How do I buy commercial real estate in Florida?

The process of buying commercial real estate in Florida: (1) Define your investment criteria — asset class, target market, size, cap rate, and financing approach; (2) Engage a buyer's representative to source on- and off-market opportunities — this is free for buyers in Florida; (3) Letter of Intent (LOI) — non-binding offer outlining price, terms, and due diligence period; (4) Due diligence — physical inspection, environmental assessment, title review, financial analysis, and lease review (45–90 days); (5) Financing — secure permanent or bridge financing; (6) Closing.

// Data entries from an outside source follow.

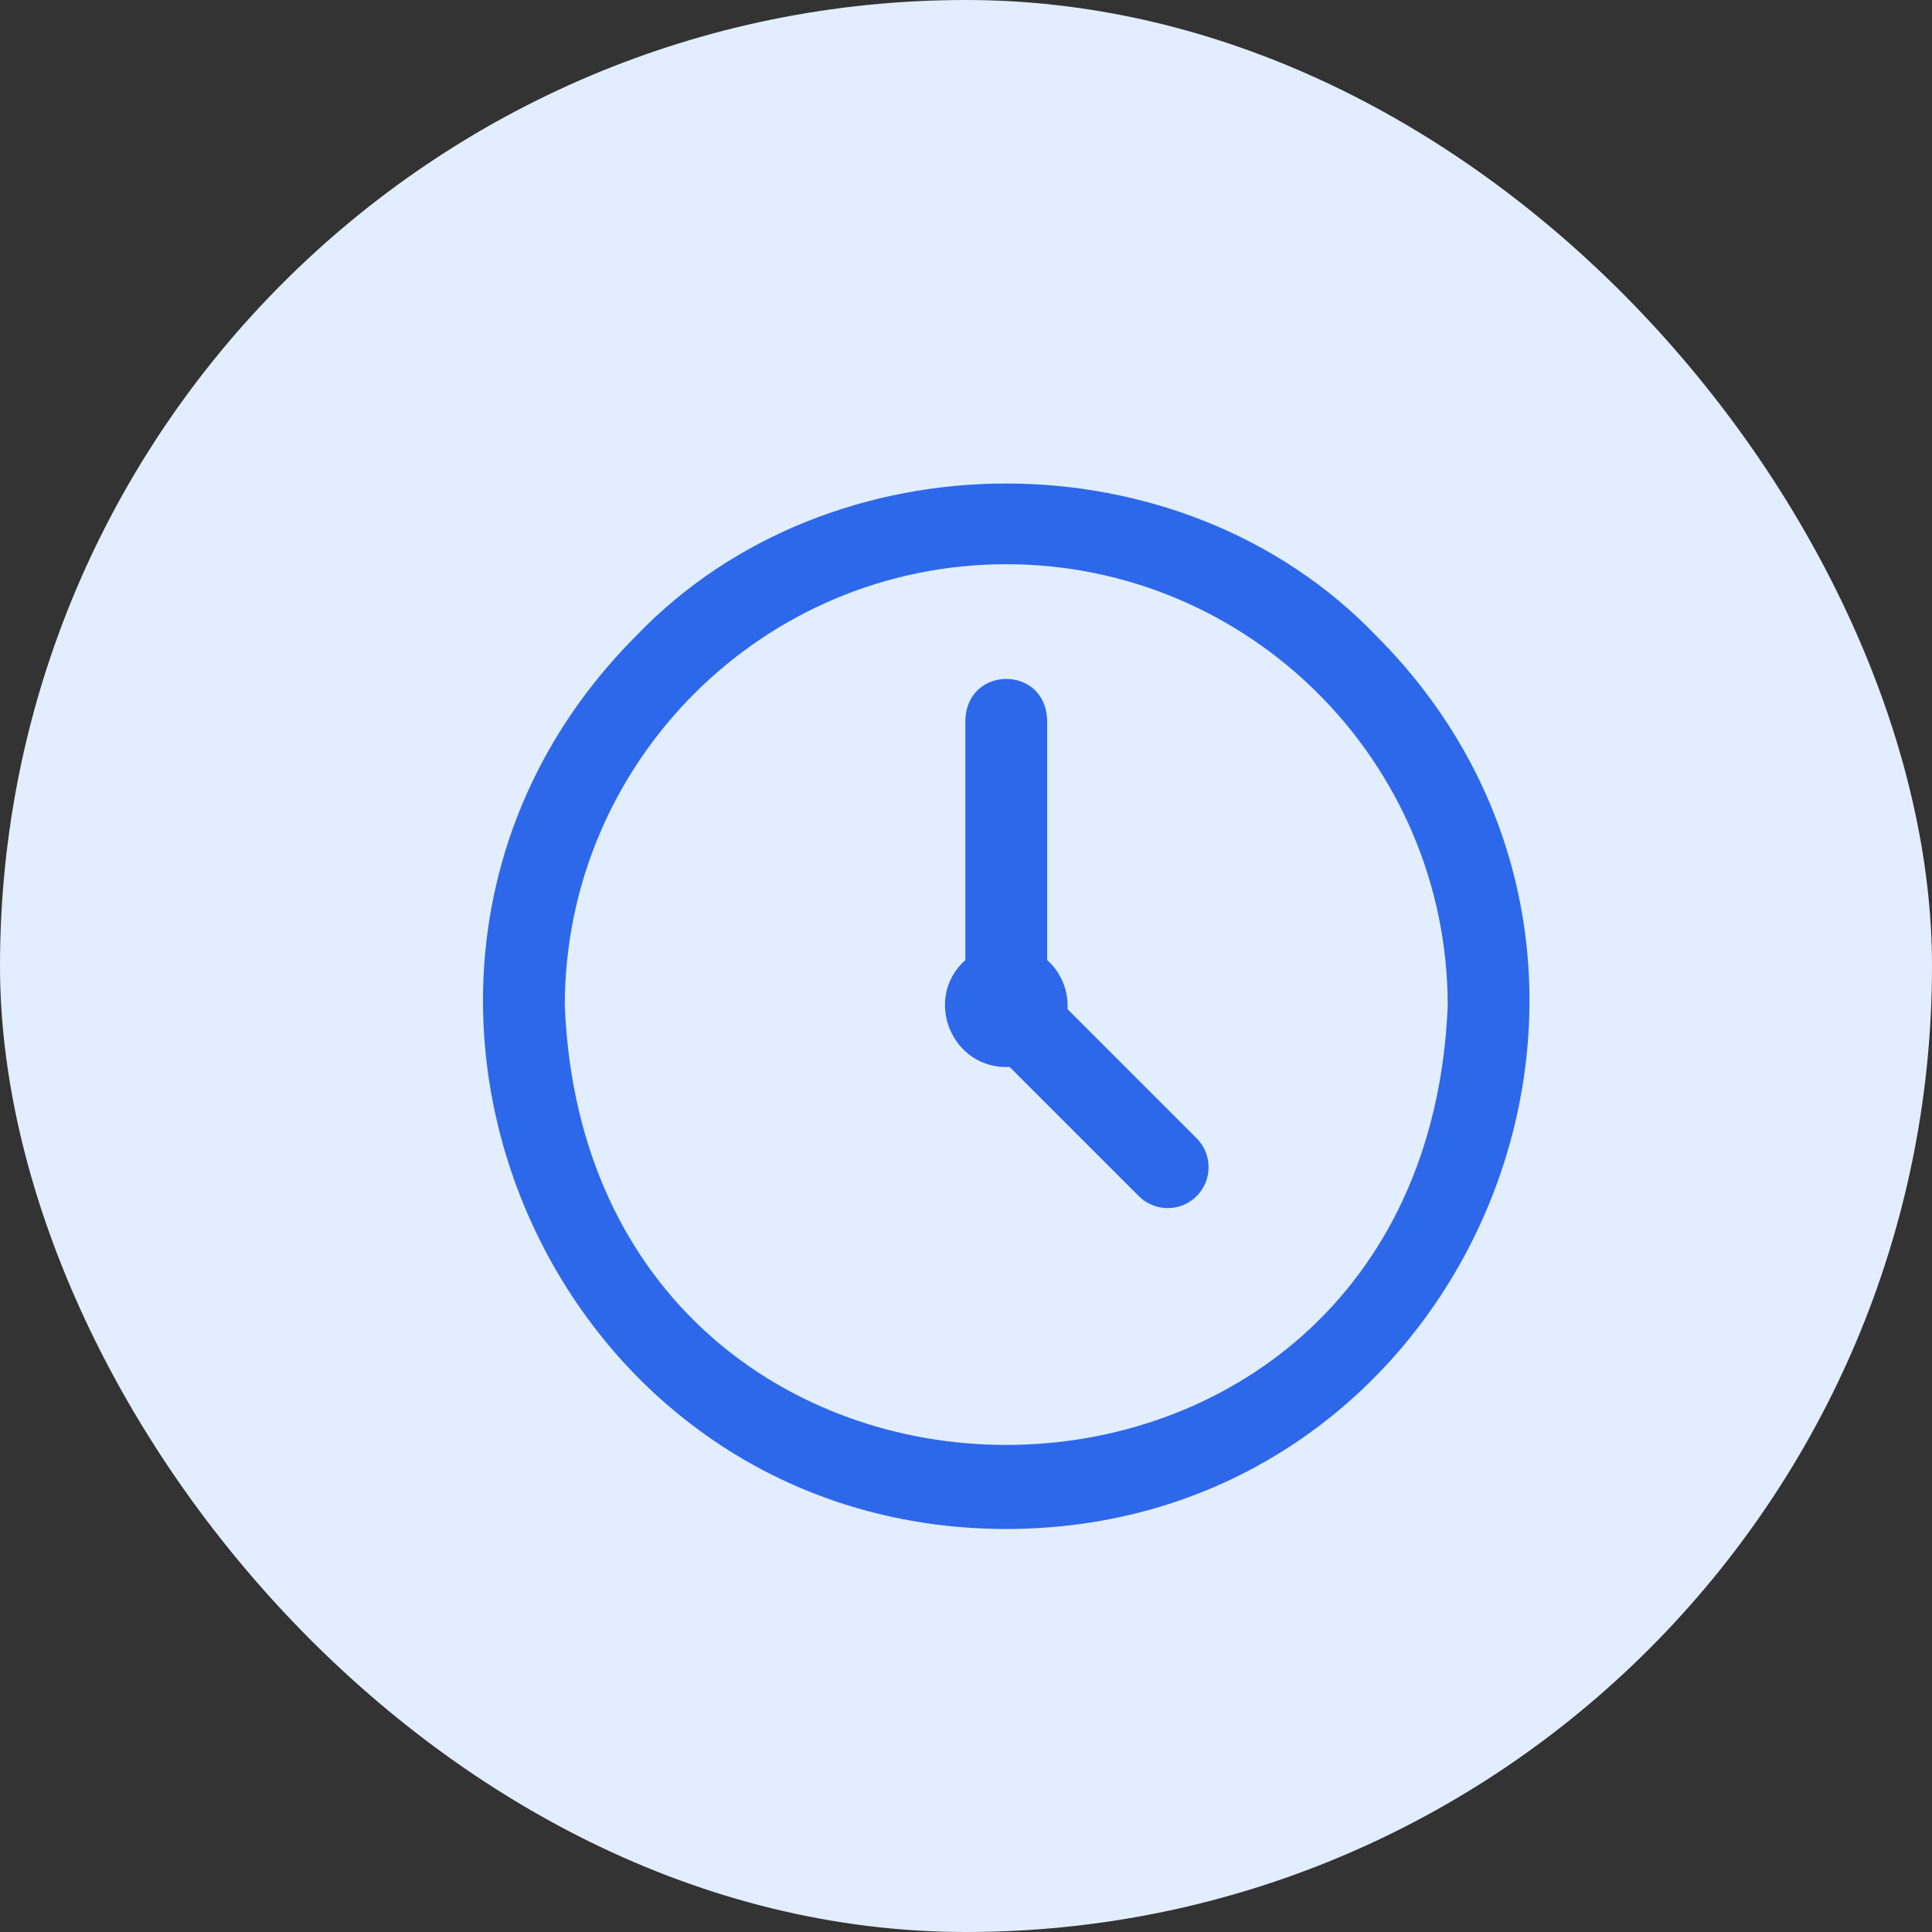 <svg width="24" height="24" viewBox="0 0 24 24" fill="none" xmlns="http://www.w3.org/2000/svg">
<rect x="0" y="0" width="24" height="24" fill="#333333" stroke="none"/>
<rect width="24" height="24" rx="12" fill="#E2EEFF"/>
<g clip-path="url(#clip0_2620_10840)">
<path d="M12.5 18.994C6.73 18.988 3.828 11.981 7.904 7.897C10.323 5.376 14.677 5.376 17.096 7.898C21.172 11.981 18.269 18.988 12.5 18.994ZM12.5 7.009C9.476 7.009 7.016 9.47 7.016 12.494C7.317 19.769 17.684 19.767 17.984 12.494C17.984 9.47 15.524 7.009 12.5 7.009ZM14.865 14.14L13.261 12.536C13.275 12.299 13.174 12.073 13.008 11.926C13.008 11.92 13.008 11.915 13.008 11.91V8.939C12.981 8.265 12.019 8.266 11.992 8.939V11.91C11.992 11.915 11.992 11.92 11.992 11.926C11.461 12.401 11.822 13.291 12.542 13.254L14.147 14.859C14.345 15.057 14.667 15.057 14.865 14.859C15.063 14.66 15.063 14.339 14.865 14.14Z" fill="#2D68EB"/>
</g>
<defs>
<clipPath id="clip0_2620_10840">
<rect width="13" height="13" fill="white" transform="translate(6 6)"/>
</clipPath>
</defs>
</svg>

The full process from offer to close typically runs 60–120 days on standard transactions.

Why is Florida a top commercial real estate investment destination?

Florida ranks among the top 3 US states for commercial real estate investment activity due to: (1) No state income tax — a 5–13% after-tax return advantage over CA, NY, and NJ; (2) Population growth — 365,000 net new residents in 2023, more than any other state; (3) Business-friendly environment — no corporate income tax, streamlined permitting, and pro-development regulatory climate; (4) Diverse investment inventory — deep inventory across all asset classes at a range of deal sizes; (5) 1031 exchange hub — the top replacement property destination for investors exiting high-tax states.